THE TASK: Write out nothing but the lines from the one containing "Echo time: 0.0037 s" through the last line below, both included, and without the pictures.
### RECORDS SHOWN ###
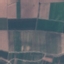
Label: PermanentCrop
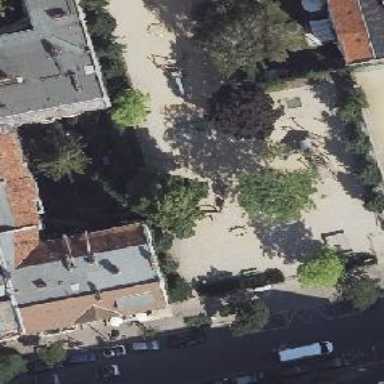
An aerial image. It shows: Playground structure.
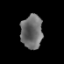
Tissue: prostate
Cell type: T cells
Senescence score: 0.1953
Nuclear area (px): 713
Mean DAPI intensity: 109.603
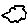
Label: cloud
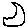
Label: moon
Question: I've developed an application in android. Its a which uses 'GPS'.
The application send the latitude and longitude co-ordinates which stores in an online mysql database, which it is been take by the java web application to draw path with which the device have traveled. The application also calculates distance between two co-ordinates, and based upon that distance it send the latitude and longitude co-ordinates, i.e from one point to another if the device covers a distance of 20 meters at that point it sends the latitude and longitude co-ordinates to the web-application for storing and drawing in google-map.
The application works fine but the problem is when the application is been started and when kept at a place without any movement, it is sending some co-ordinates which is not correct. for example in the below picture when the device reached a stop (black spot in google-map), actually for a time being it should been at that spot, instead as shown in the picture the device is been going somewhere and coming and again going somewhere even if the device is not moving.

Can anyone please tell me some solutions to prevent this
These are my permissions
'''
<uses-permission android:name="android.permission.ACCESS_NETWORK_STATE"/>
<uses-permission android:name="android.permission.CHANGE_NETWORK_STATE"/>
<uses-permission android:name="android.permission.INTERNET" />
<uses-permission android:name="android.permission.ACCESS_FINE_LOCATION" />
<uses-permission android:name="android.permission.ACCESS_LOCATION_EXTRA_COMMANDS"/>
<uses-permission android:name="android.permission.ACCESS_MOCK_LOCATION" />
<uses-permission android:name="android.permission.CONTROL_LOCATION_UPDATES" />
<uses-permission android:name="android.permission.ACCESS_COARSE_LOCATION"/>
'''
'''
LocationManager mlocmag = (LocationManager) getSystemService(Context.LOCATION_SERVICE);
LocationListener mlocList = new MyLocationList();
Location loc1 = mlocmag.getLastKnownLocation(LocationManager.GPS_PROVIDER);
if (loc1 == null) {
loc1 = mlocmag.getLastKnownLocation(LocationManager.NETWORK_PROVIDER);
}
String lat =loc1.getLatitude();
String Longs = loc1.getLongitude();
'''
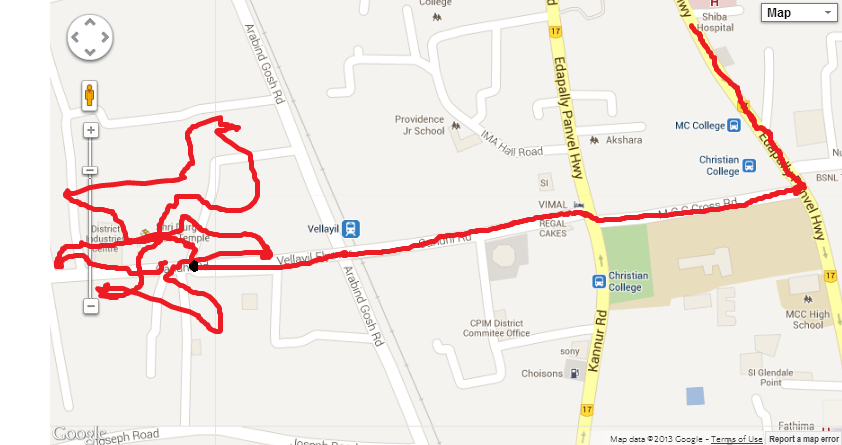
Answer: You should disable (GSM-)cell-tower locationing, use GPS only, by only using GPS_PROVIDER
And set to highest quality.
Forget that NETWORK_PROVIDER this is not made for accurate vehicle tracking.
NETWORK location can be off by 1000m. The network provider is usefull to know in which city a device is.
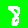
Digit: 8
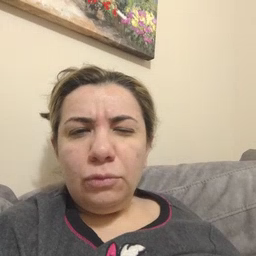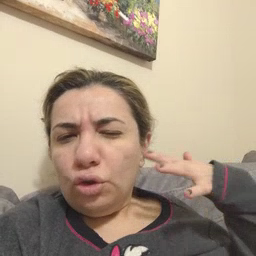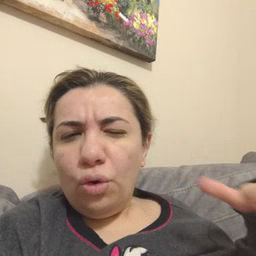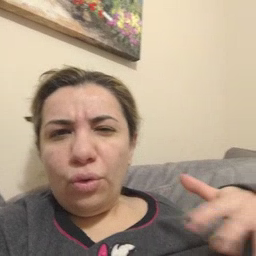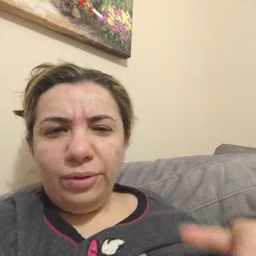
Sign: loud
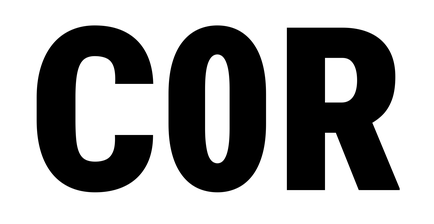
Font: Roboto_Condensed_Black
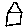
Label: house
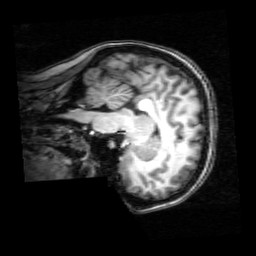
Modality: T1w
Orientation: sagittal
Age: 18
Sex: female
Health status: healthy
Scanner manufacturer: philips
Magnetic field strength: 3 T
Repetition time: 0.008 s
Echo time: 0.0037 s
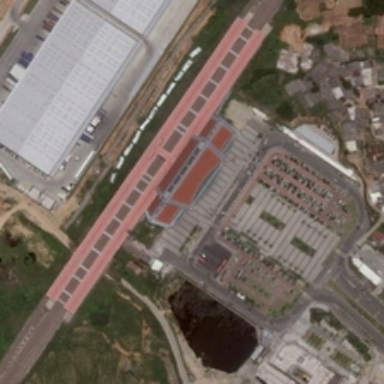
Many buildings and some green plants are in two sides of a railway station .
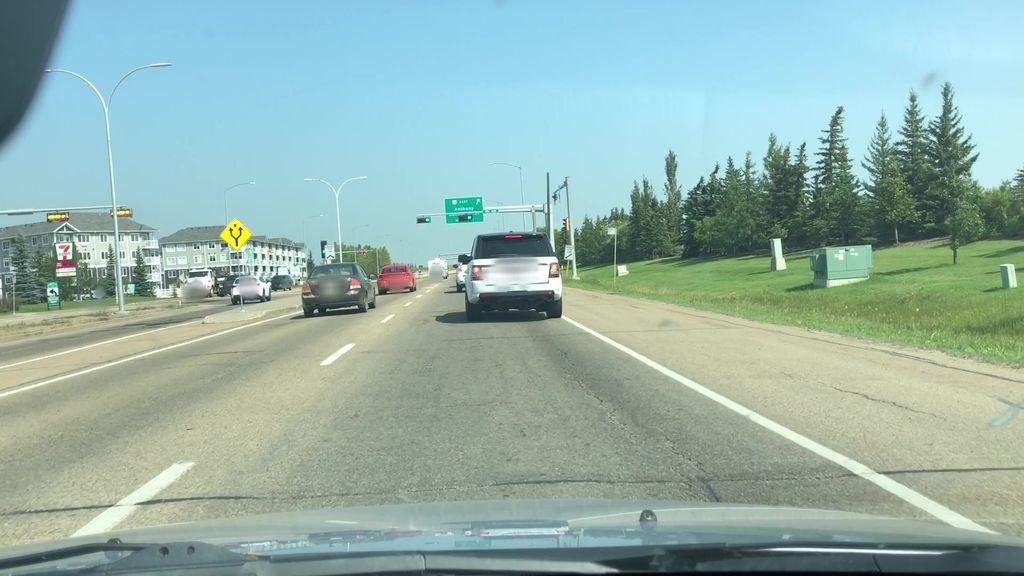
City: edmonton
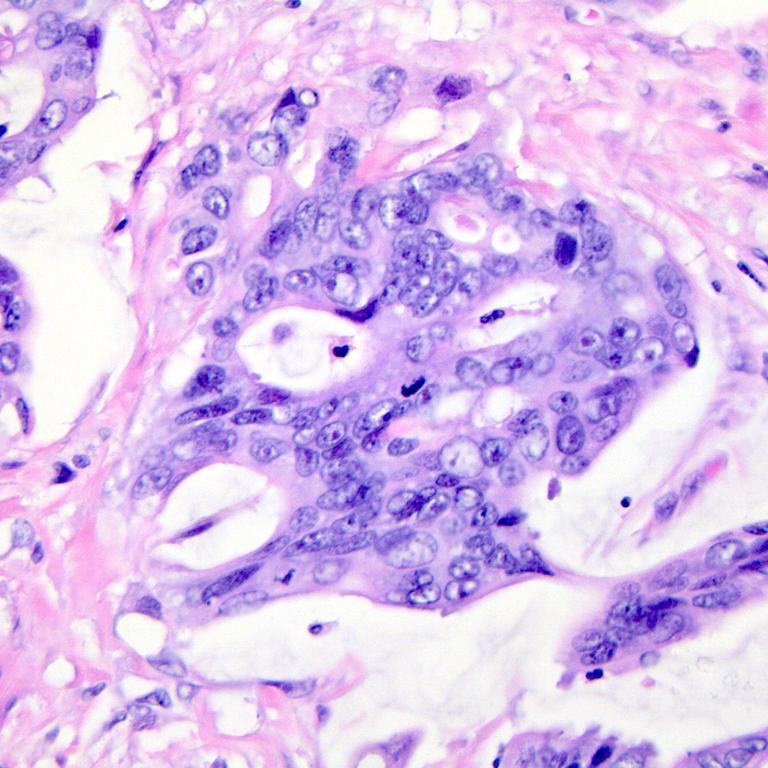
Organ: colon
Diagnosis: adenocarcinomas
###
EXPECTED OUTPUT:
Echo time: 0.0037 s
Many buildings and some green plants are in two sides of a railway station .
City: edmonton
Organ: colon
Diagnosis: adenocarcinomas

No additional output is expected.